## What is needed
Set down the data below without change, skipping the pictures it holds.

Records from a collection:
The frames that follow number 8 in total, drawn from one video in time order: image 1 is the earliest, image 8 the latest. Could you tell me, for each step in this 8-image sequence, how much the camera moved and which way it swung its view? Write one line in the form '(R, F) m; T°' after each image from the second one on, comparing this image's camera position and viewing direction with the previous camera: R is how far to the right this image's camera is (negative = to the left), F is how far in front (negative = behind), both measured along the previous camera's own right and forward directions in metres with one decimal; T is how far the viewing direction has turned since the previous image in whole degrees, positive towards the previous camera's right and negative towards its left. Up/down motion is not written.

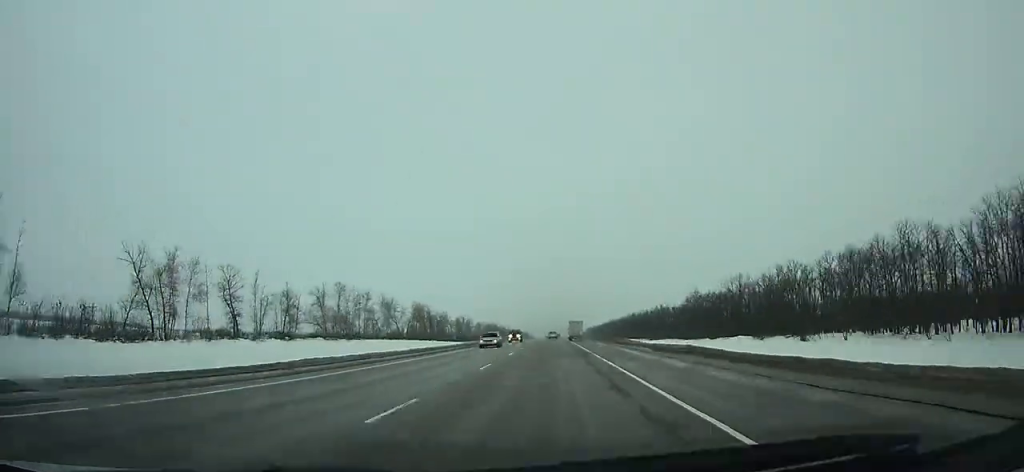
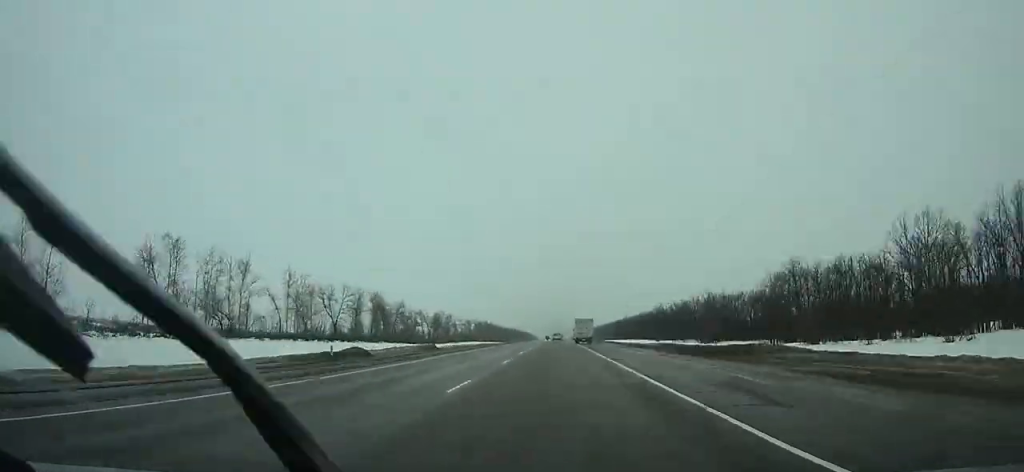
(0.0, +67.4) m; 0°
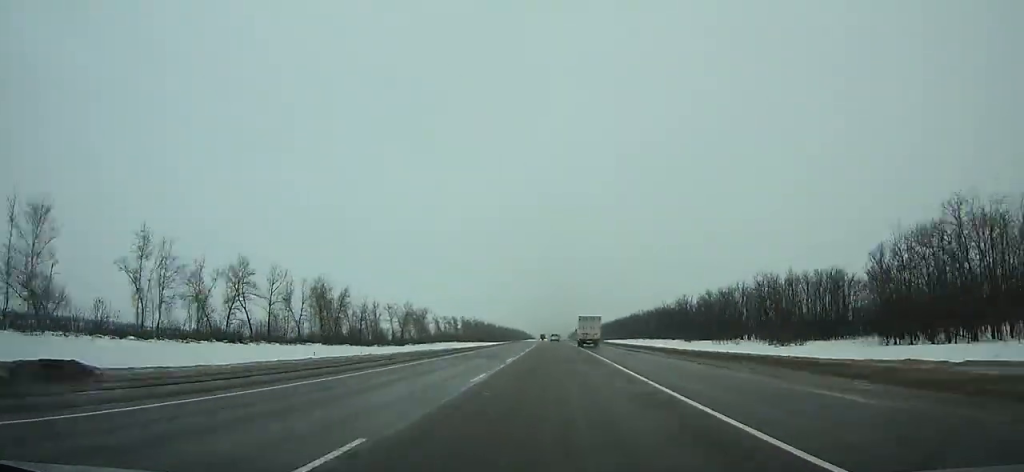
(+0.1, +43.5) m; 0°
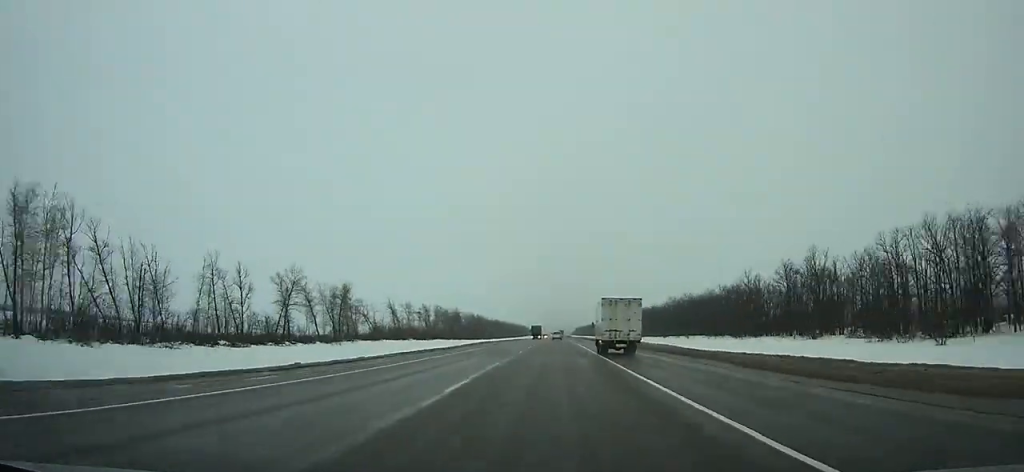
(-0.4, +87.5) m; 0°
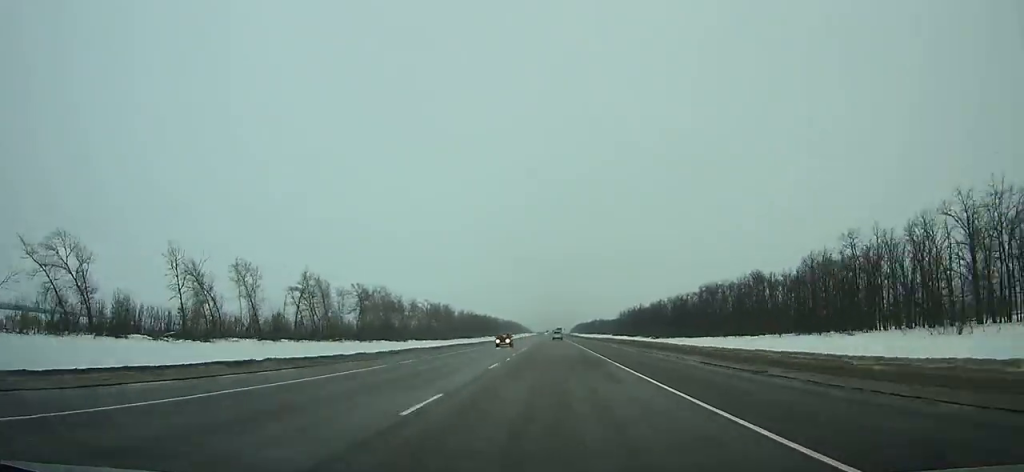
(+0.7, +123.4) m; 0°
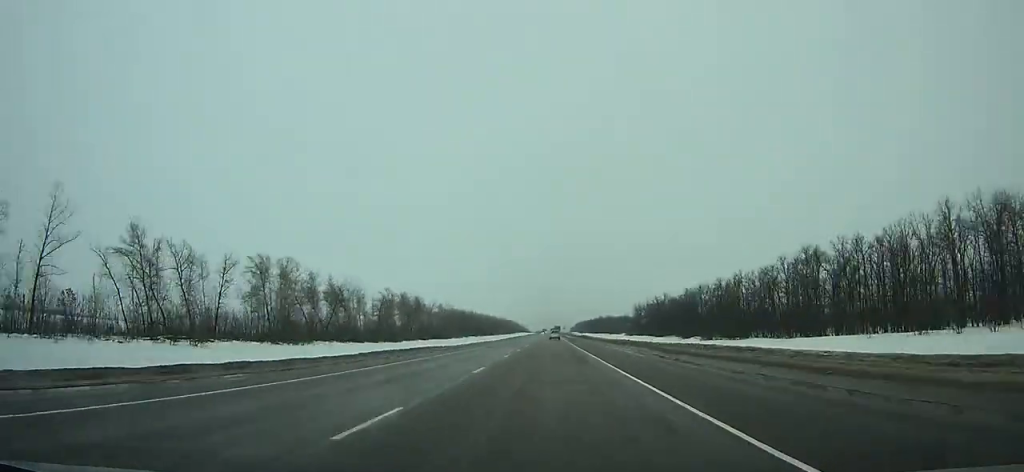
(+0.1, +60.3) m; 0°
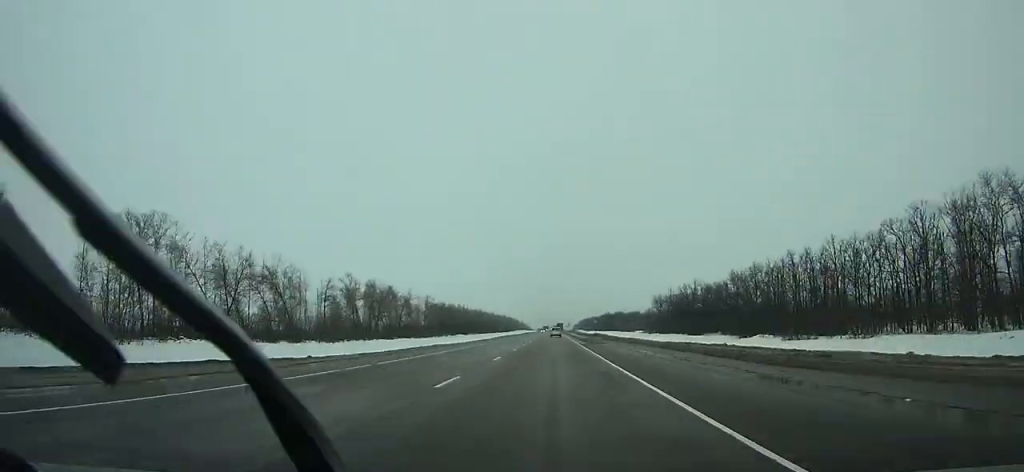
(0.0, +41.1) m; 0°
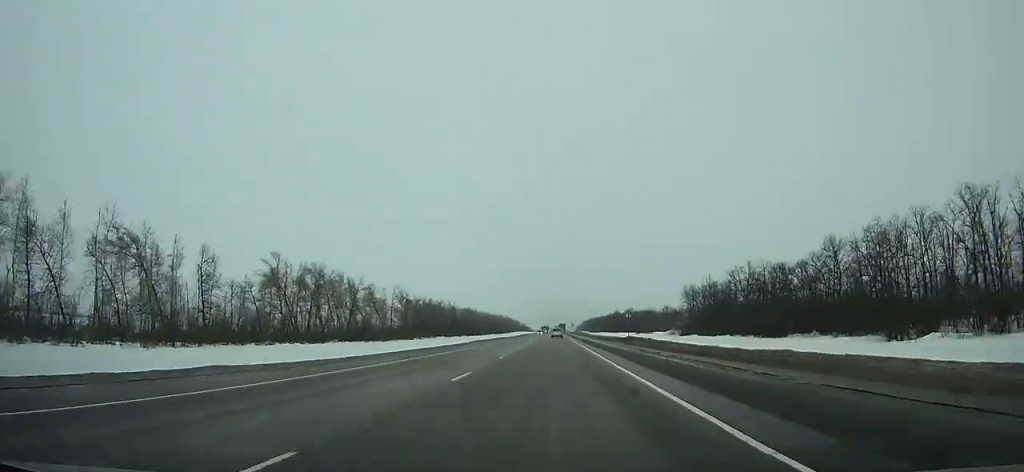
(0.0, +46.5) m; 0°

## Final answer
The frames that follow number 8 in total, drawn from one video in time order: image 1 is the earliest, image 8 the latest. Could you tell me, for each step in this 8-image sequence, how much the camera moved and which way it swung its view? Write one line in the form '(R, F) m; T°' after each image from the second one on, comparing this image's camera position and viewing direction with the previous camera: R is how far to the right this image's camera is (negative = to the left), F is how far in front (negative = behind), both measured along the previous camera's own right and forward directions in metres with one decimal; T is how far the viewing direction has turned since the previous image in whole degrees, positive towards the previous camera's right and negative towards its left. Up/down motion is not written.

(0.0, +67.4) m; 0°
(+0.1, +43.5) m; 0°
(-0.4, +87.5) m; 0°
(+0.7, +123.4) m; 0°
(+0.1, +60.3) m; 0°
(0.0, +41.1) m; 0°
(0.0, +46.5) m; 0°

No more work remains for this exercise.